東一郎は省エネ戦法で勝ち上がったのも作戦なのだろうか、全く行きも乱れておらず、試合前かと思うほどに行き一つ乱れていなかった。
「白帯君、結構やるね!正直驚いた。ウチのメンバーを軽くひねるとは…」
東は少し焦りつつも余裕の発言をした。
「あのさ、ちょっと思ったんだけどさ…」
東一郎は東に対し、不思議そうに聞いた。
「はい?何でしょうか?」
「お前らさ、同じ学校の奴らこんなに居るのに、応援がないっての変だなーって思ってたけど、お前ら結構嫌われてんのね」
そう言うと東一郎は思わず吹き出してしまった。
「な、何だと!?このガキ!」
これまで冷静を装ってきた東はこの日初めて怒りの態度を示した。
東西大付属の東は入学当時、自分よりも強い人間が居ると思っていなかった。
空手では全中を制覇した実績を元に複数の空手強豪高校からスカウトが来た。
そんな中熱心に勧誘を受けたのが、東西大付属だった。
インターハイ3位という輝かしい実績を優勝で締めくくって欲しいという監督からの口説き文句で特待生として迎え入れられた。
だが、彼には東西大付属を選んだ別の理由があった。
その理由とは、小さい頃から同じ道場で一緒に空手をやっていた幼馴染の女子生徒が東西大付属を受験すると聞いたからだった。
彼は愛に殉じこの学校を選んだのだった。
ところが入学してみると、その女子生徒は空手部ではなくバスケ部のマネージャーになり、そのわずか半年後にはバスケ部のイケメン彼氏をゲットするという東にとっては許しがたい自体になってしまったのだった。

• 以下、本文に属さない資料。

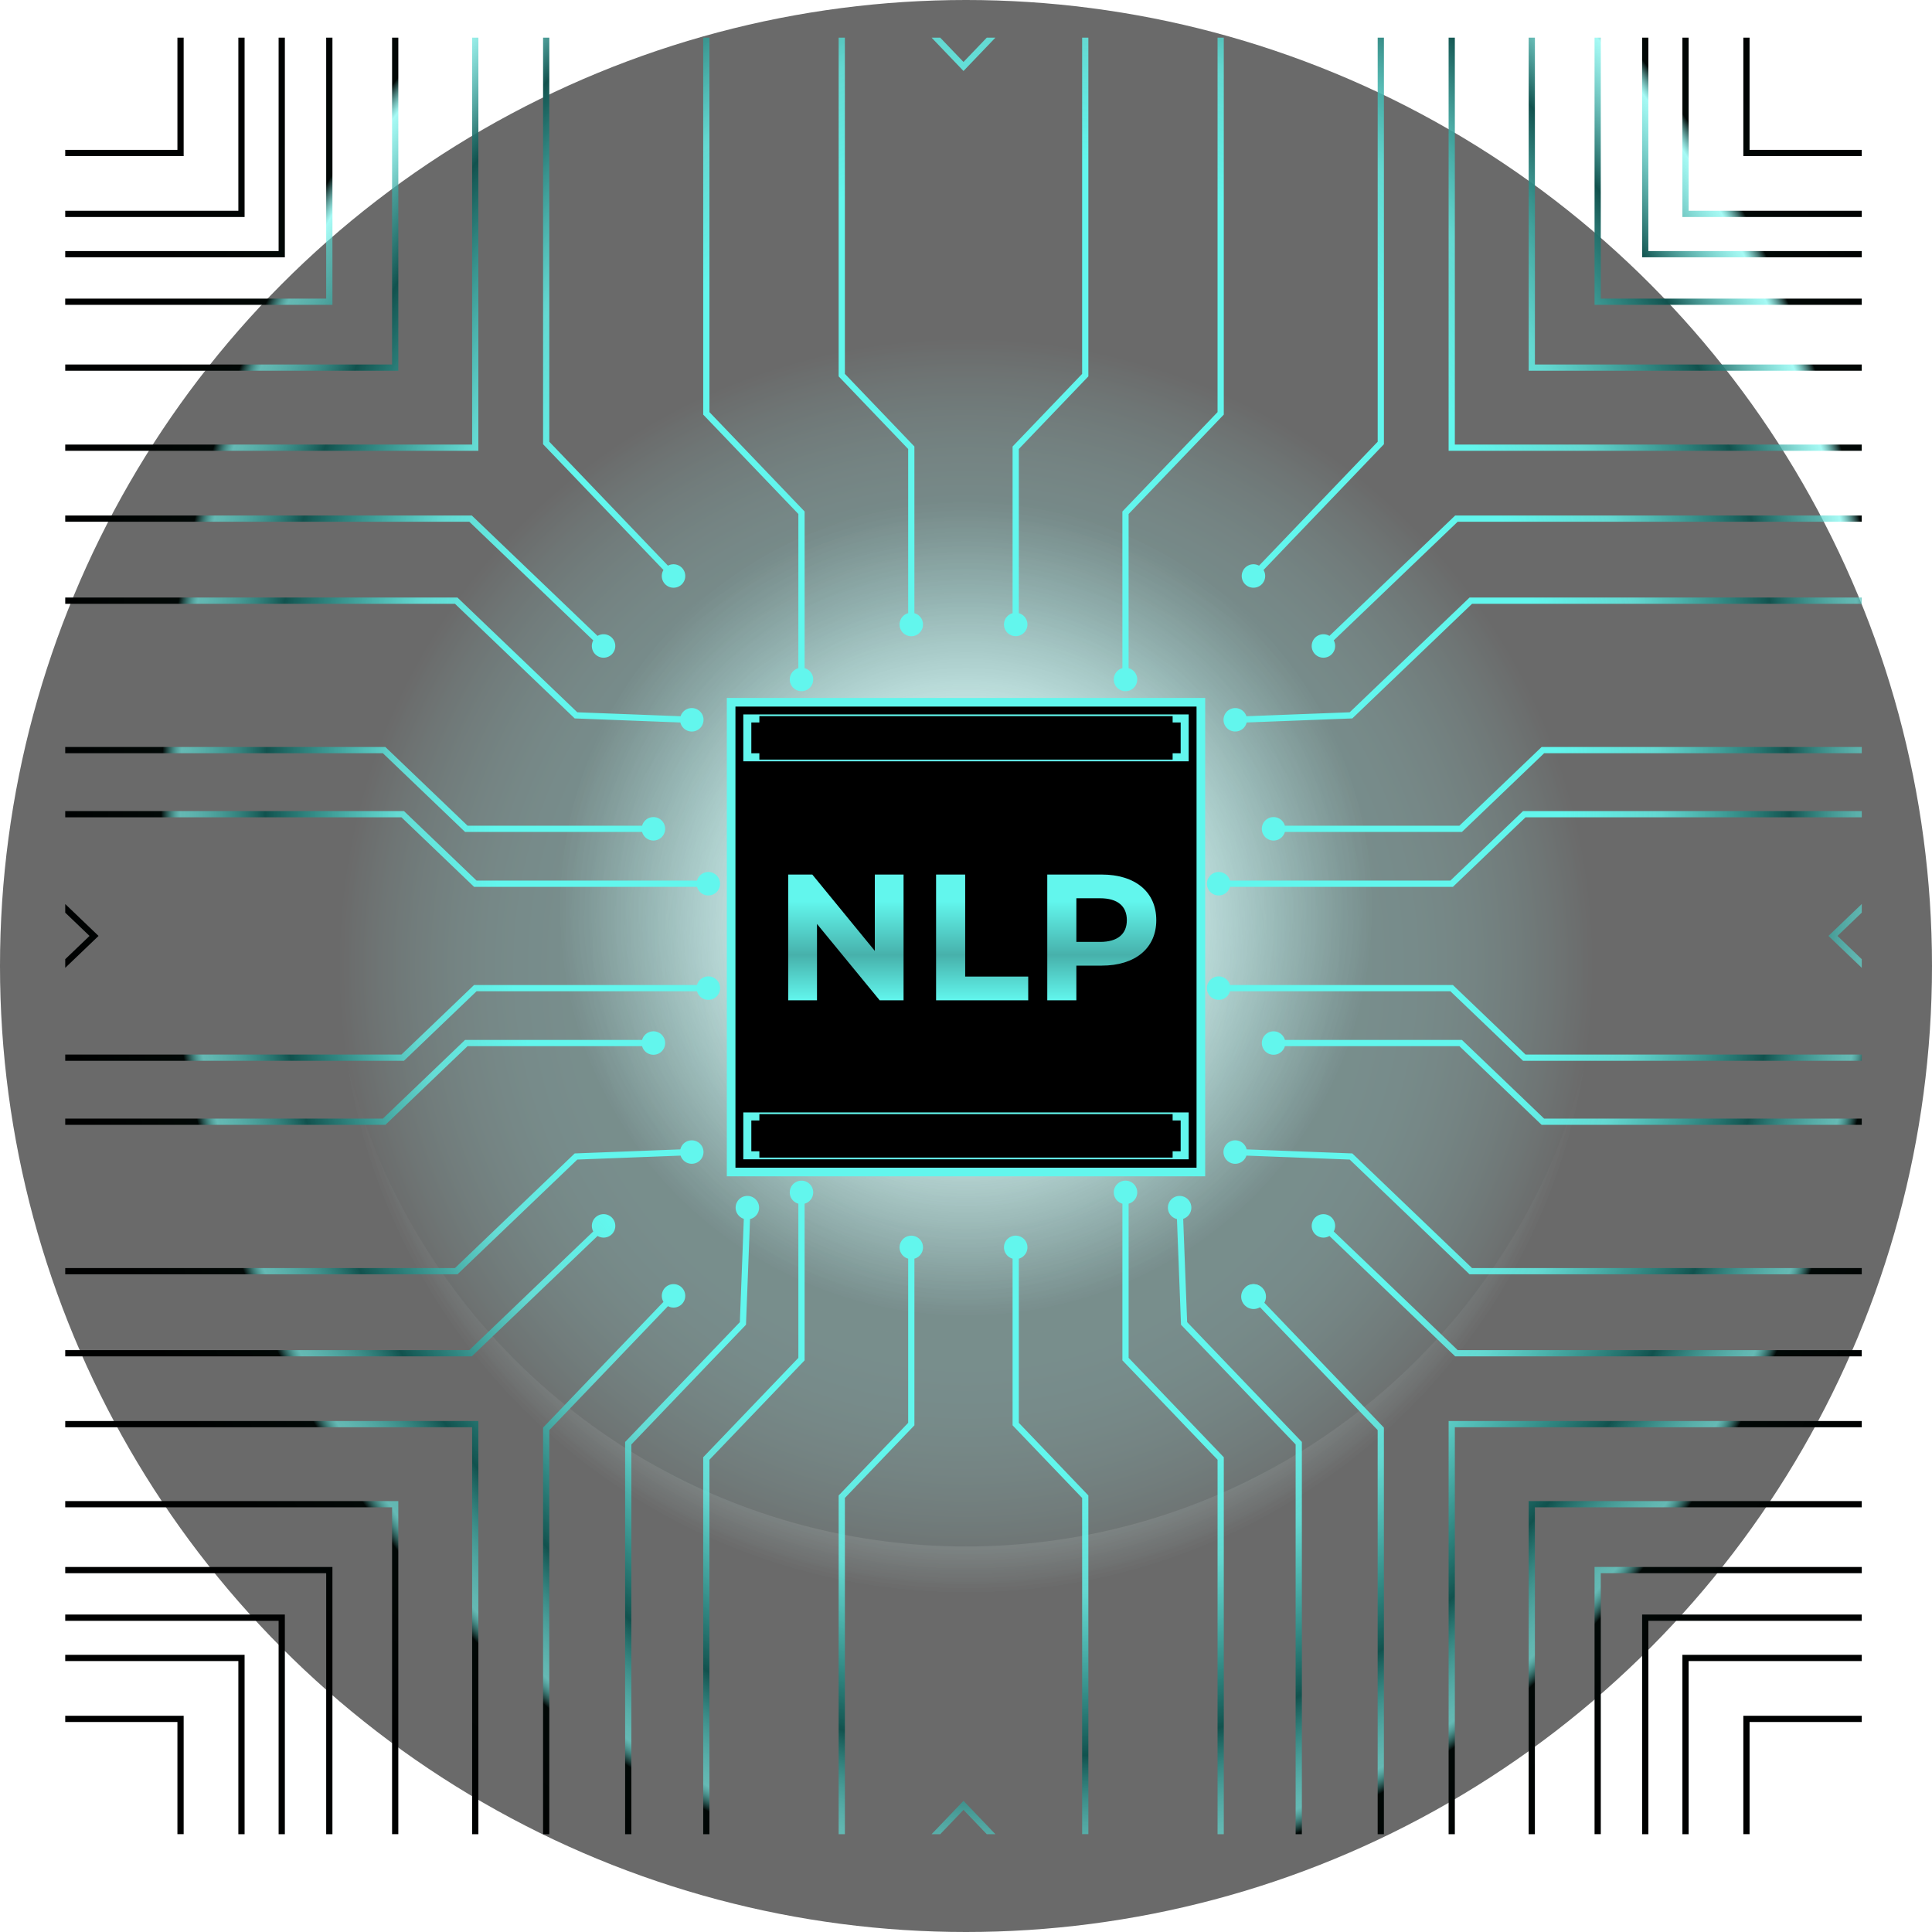 <?xml version="1.0" encoding="UTF-8"?>
<svg xmlns="http://www.w3.org/2000/svg" xmlns:xlink="http://www.w3.org/1999/xlink" width="548.54" height="548.539" viewBox="0 0 548.54 548.539">
  <defs>
    <radialGradient id="radial-gradient" cx="0.5" cy="0.5" r="0.5" gradientUnits="objectBoundingBox">
      <stop offset="0" stop-color="#62f6ed" stop-opacity="0.635"></stop>
      <stop offset="0.123" stop-color="#62f6ed" stop-opacity="0"></stop>
      <stop offset="0.644"></stop>
      <stop offset="0.879"></stop>
      <stop offset="1"></stop>
    </radialGradient>
    <radialGradient id="radial-gradient-3" cx="0.5" cy="0.5" r="0.651" gradientUnits="objectBoundingBox">
      <stop offset="0" stop-color="#62f6ed"></stop>
      <stop offset="0.419" stop-color="#62f6ed"></stop>
      <stop offset="0.497" stop-color="#62f6ed" stop-opacity="0.788"></stop>
      <stop offset="0.601" stop-color="#11524e"></stop>
      <stop offset="0.668" stop-color="#62f6ed" stop-opacity="0.565"></stop>
      <stop offset="0.683" stop-color="#010806"></stop>
      <stop offset="0.767" stop-color="#000101"></stop>
      <stop offset="1"></stop>
    </radialGradient>
    <linearGradient id="linear-gradient" x1="0.5" x2="0.5" y2="1" gradientUnits="objectBoundingBox">
      <stop offset="0" stop-color="#62f6ed"></stop>
      <stop offset="0.212" stop-color="#62f6ed"></stop>
      <stop offset="0.64" stop-color="#47b1ab"></stop>
      <stop offset="1" stop-color="#62f6ed"></stop>
    </linearGradient>
  </defs>
  <g id="Group_22703" data-name="Group 22703" transform="translate(-237.995 -818.995)">
    <g id="Group_21455" data-name="Group 21455" transform="translate(237.994 818.995)">
      <g id="Group_21451" data-name="Group 21451" transform="translate(0 0)" opacity="0.584">
        <ellipse id="Ellipse_2308" data-name="Ellipse 2308" cx="181.209" cy="181.209" rx="181.209" ry="181.209" transform="translate(93.061 76.671)" fill="url(#radial-gradient)" style="mix-blend-mode: screen;isolation: isolate"></ellipse>
        <ellipse id="Ellipse_2309" data-name="Ellipse 2309" cx="274.27" cy="274.27" rx="274.27" ry="274.27" transform="translate(0 0)" fill="url(#radial-gradient)" style="mix-blend-mode: color-dodge;isolation: isolate"></ellipse>
      </g>
      <g id="Group_21454" data-name="Group 21454" transform="translate(206.361 198.166)">
        <g id="Group_21453" data-name="Group 21453" transform="translate(0 0)">
          <path id="Path_30681" data-name="Path 30681" d="M238.249,238.248H102.43V102.43H238.249Zm-130.918-4.9H233.348V107.331H107.331Z" transform="translate(-102.43 -102.43)" fill="#62f6ed"></path>
        </g>
        <rect id="Rectangle_577" data-name="Rectangle 577" width="130.918" height="130.918" transform="translate(2.45 2.45)"></rect>
      </g>
      <g id="Group_21457" data-name="Group 21457" transform="translate(211.041 202.845)">
        <g id="Group_21453-2" data-name="Group 21453" transform="translate(0 0)">
          <path id="Path_30681-2" data-name="Path 30681" d="M228.889,115.74H102.43V102.43H228.889Zm-121.9-.48H224.326V102.91H106.993Z" transform="translate(-102.43 -102.43)" fill="#62f6ed"></path>
        </g>
        <rect id="Rectangle_577-2" data-name="Rectangle 577" width="121.896" height="8.747" transform="translate(2.281 2.281)"></rect>
      </g>
      <g id="Group_21458" data-name="Group 21458" transform="translate(211.041 315.845)">
        <g id="Group_21453-3" data-name="Group 21453" transform="translate(0 0)">
          <path id="Path_30681-3" data-name="Path 30681" d="M228.889,115.74H102.43V102.43H228.889Zm-121.9-.48H224.326V102.91H106.993Z" transform="translate(-102.43 -102.43)" fill="#62f6ed"></path>
        </g>
        <rect id="Rectangle_577-3" data-name="Rectangle 577" width="121.896" height="8.747" transform="translate(2.281 2.281)"></rect>
      </g>
    </g>
    <g id="Group_21456" data-name="Group 21456" transform="translate(256.515 829.687)">
      <path id="Path_30682" data-name="Path 30682" d="M254.17,154.241a3.321,3.321,0,0,0,.886-6.524V101.1L274.8,80.479V-15.692h-1.771v95.46l-19.745,20.621v47.327a3.321,3.321,0,0,0,.885,6.524ZM230.287,494.385h2.453l6.607-6.9,6.607,6.9h2.453l-9.06-9.463Zm88.992-359.543a3.329,3.329,0,1,0,5.254.607l34.184-35.707V-15.692h-1.771V99.032l-33.692,35.193A3.319,3.319,0,0,0,319.279,134.843ZM248.407-15.692h-2.453l-6.607,6.9-6.607-6.9h-2.453l9.06,9.461Zm-23,163.409V100.389L205.667,79.768v-95.46H203.9V80.479L223.638,101.1v46.617a3.331,3.331,0,1,0,1.771,0Zm59.052,15.608a3.33,3.33,0,1,0,1.77,0V119.552l27.021-28.22V-15.692H311.48V90.622l-27.019,28.22Zm-150.236-7.883a3.33,3.33,0,1,0,1.225-1.279L99.743,119.977H-15.692v1.77H99.032ZM-15.692,230.288v2.452l6.9,6.607-6.9,6.607v2.452l9.461-9.059ZM98.543,270.643H148.1a3.331,3.331,0,1,0,0-1.771H97.832L74.494,291.215H-15.692v1.771h90.9Zm-.711-60.821H148.1a3.329,3.329,0,1,0,0-1.771H98.543L75.205,185.708h-90.9v1.771H74.494ZM-15.692,401.583h92.8v92.8h1.771V399.812H-15.692ZM192.464,163.325a3.329,3.329,0,1,0,1.771,0V118.842l-27.021-28.22V-15.692h-1.771V91.332l27.021,28.22Zm188.4,105.547H330.591a3.329,3.329,0,1,0,0,1.771h49.56l23.338,22.343h90.9v-1.771H404.2ZM343.244,154.162a3.329,3.329,0,1,0,1.225,1.279l35.193-33.695H494.386v-1.77H378.952Zm151.142,94.244v-2.453l-6.9-6.607,6.9-6.607v-2.453l-9.463,9.06ZM349,175.849l-29.327,1.124a3.328,3.328,0,1,0,.069,1.77l30-1.15,33.994-32.547H494.386v-1.771H383.021ZM401.584-15.692h-1.771V78.88h94.574V77.109h-92.8ZM344.469,323.252a3.327,3.327,0,1,0-1.225,1.281l35.707,34.184H494.386v-1.771H379.662Zm35.682-115.2h-49.56a3.331,3.331,0,1,0,0,1.771h50.271L404.2,187.479h90.187v-1.771h-90.9ZM378.3,253.284h-63.3a3.329,3.329,0,1,0,0,1.771h62.588L398.216,274.8h96.171v-1.771h-95.46Zm-.711-29.646H315.007a3.33,3.33,0,1,0,0,1.773h63.3l20.621-19.746h95.46v-1.771H398.216Zm22.218,270.747h1.771v-92.8h92.8v-1.771H399.813Zm-76.56-149.917,33.693,35.193V494.385h1.771V378.951l-34.185-35.707a3.32,3.32,0,0,0-5.151-4.1M420.29-15.692h-1.771V60.175h75.867V58.4h-74.1ZM377.082,494.385h1.771V378.851H494.386v-1.771h-117.3Zm1.771-510.077h-1.771v117.3h117.3v-1.77H378.853ZM349.738,301.1l-30-1.15a3.332,3.332,0,1,0-.069,1.77L349,302.845l34.024,32.574H494.386v-1.771H383.732ZM224.525,324.453a3.321,3.321,0,0,0-.886,6.524v46.615L203.9,398.215v96.171h1.771v-95.46L225.41,378.3V330.977a3.321,3.321,0,0,0-.885-6.524ZM46.666-15.692H44.894V44.894H-15.692v1.771H46.666ZM-15.692,433.8H44.894v60.586h1.771V432.026H-15.692ZM433.8-15.692h-1.771V46.665h62.358V44.894H433.8Zm11.432,0h-1.771V35.234h50.926V33.463H445.232Zm-13.2,510.077H433.8V433.8h60.586v-1.773H432.029Zm-145.8-179.017a3.33,3.33,0,1,0-1.77,0v44.483l27.019,28.222V494.385h1.771V387.363l-27.021-28.222Zm15.49,4.3a3.328,3.328,0,1,0-1.77.069l1.15,30,32.547,33.994V494.385h1.771V383.02L302.845,349Zm116.8,174.714h1.771v-74.1h74.1v-1.771H418.519ZM462.531,16.163V-15.692h-1.77V17.934h33.625V16.163ZM-15.692,462.53H16.163v31.855h1.771V460.759H-15.692Zm476.454,31.855h1.77V462.53h31.855v-1.771H460.762ZM17.934-15.692H16.163V16.163H-15.692v1.771H17.934ZM-15.692,445.231H33.463v49.154h1.771V443.46H-15.692ZM35.234-15.692H33.463V33.463H-15.692v1.771H35.234ZM443.461,494.385h1.771V445.231h49.155V443.46H443.461ZM101.1,255.055h62.588a3.331,3.331,0,1,0,0-1.771h-63.3L79.768,273.029h-95.46V274.8H80.479Zm34.35,69.477a3.331,3.331,0,1,0-1.225-1.281L99.032,356.945H-15.692v1.771H99.743ZM129.7,302.845l29.327-1.124a3.328,3.328,0,1,0-.069-1.77l-30,1.15L94.963,333.647H-15.692v1.771H95.673Zm-.982-125.483.243.232,30,1.15a3.332,3.332,0,1,0,.069-1.77L129.7,175.849,95.673,143.275H-15.692v1.771H94.963ZM78.882-15.692H77.11v92.8h-92.8V78.88H78.882Zm75.725,155.139a3.329,3.329,0,1,0,.835-5.222L121.749,99.032V-15.692h-1.771V99.742l34.185,35.707A3.316,3.316,0,0,0,154.607,139.447Zm-54.217,85.964h63.3a3.33,3.33,0,1,0,0-1.773H101.1L80.479,203.893H-15.692v1.771h95.46Zm1.223-241.1H99.842V99.843H-15.692v1.77h117.3Zm-41.438,0H58.4V58.4h-74.1v1.771H60.175Zm134.06,331.061a3.329,3.329,0,1,0-1.771,0v43.772l-27.021,28.222V494.385h1.771V388.074l27.021-28.222Zm60.821,15.608a3.331,3.331,0,1,0-1.771,0V378.3l19.745,20.623v95.46H274.8V398.215l-19.745-20.623ZM178.743,319.74a3.332,3.332,0,1,0-1.77-.069L175.849,349,143.275,383.02V494.385h1.771V383.731l32.547-33.994ZM-15.692,420.29H58.4v74.1h1.771V418.518H-15.692Zm175.107-76.439a3.329,3.329,0,1,0-5.253-.607l-34.185,35.707V494.385h1.771V379.662l33.693-35.193A3.317,3.317,0,0,0,159.415,343.851Zm-175.107,35H99.842V494.385h1.771V377.079h-117.3Z" transform="translate(15.692 15.692)" fill="url(#radial-gradient-3)" style="mix-blend-mode: screen;isolation: isolate"></path>
      <ellipse id="Ellipse_2310" data-name="Ellipse 2310" cx="3.518" cy="3.518" rx="3.518" ry="3.518" transform="translate(333.882 353.93)" fill="#62f6ed"></ellipse>
    </g>
    <path id="Path_30683" data-name="Path 30683" d="M-26.622-35.7v21.675L-44.37-35.7H-51.2V0h8.16V-21.675L-25.245,0h6.783V-35.7ZM-9.231,0H16.932V-6.732H-.969V-35.7H-9.231ZM37.791-35.7H22.338V0H30.6V-9.843h7.191c9.537,0,15.5-4.947,15.5-12.9C53.295-30.753,47.328-35.7,37.791-35.7Zm-.459,19.125H30.6V-28.968h6.732c5.049,0,7.6,2.3,7.6,6.222C44.931-18.87,42.381-16.575,37.332-16.575Z" transform="translate(513 1103)" fill="url(#linear-gradient)"></path>
  </g>
</svg>

その為、東は部員全員を成績不振を理由に気合を入れるためと称し坊主頭を推奨し、更にその武力を持って学校中のあらゆる部活動に対し揉め事を起こし続けた。
結果、空手部が通る道は生徒が消え、揉め事が起きないように、空手部を恐れた。空手部自体学校中を敵に回して、体育会部活動の立場上頂点に立っていた。
従って学校中で嫌われていたのだった。
その中心人物こそが空手道部キャプテン東、その人であった。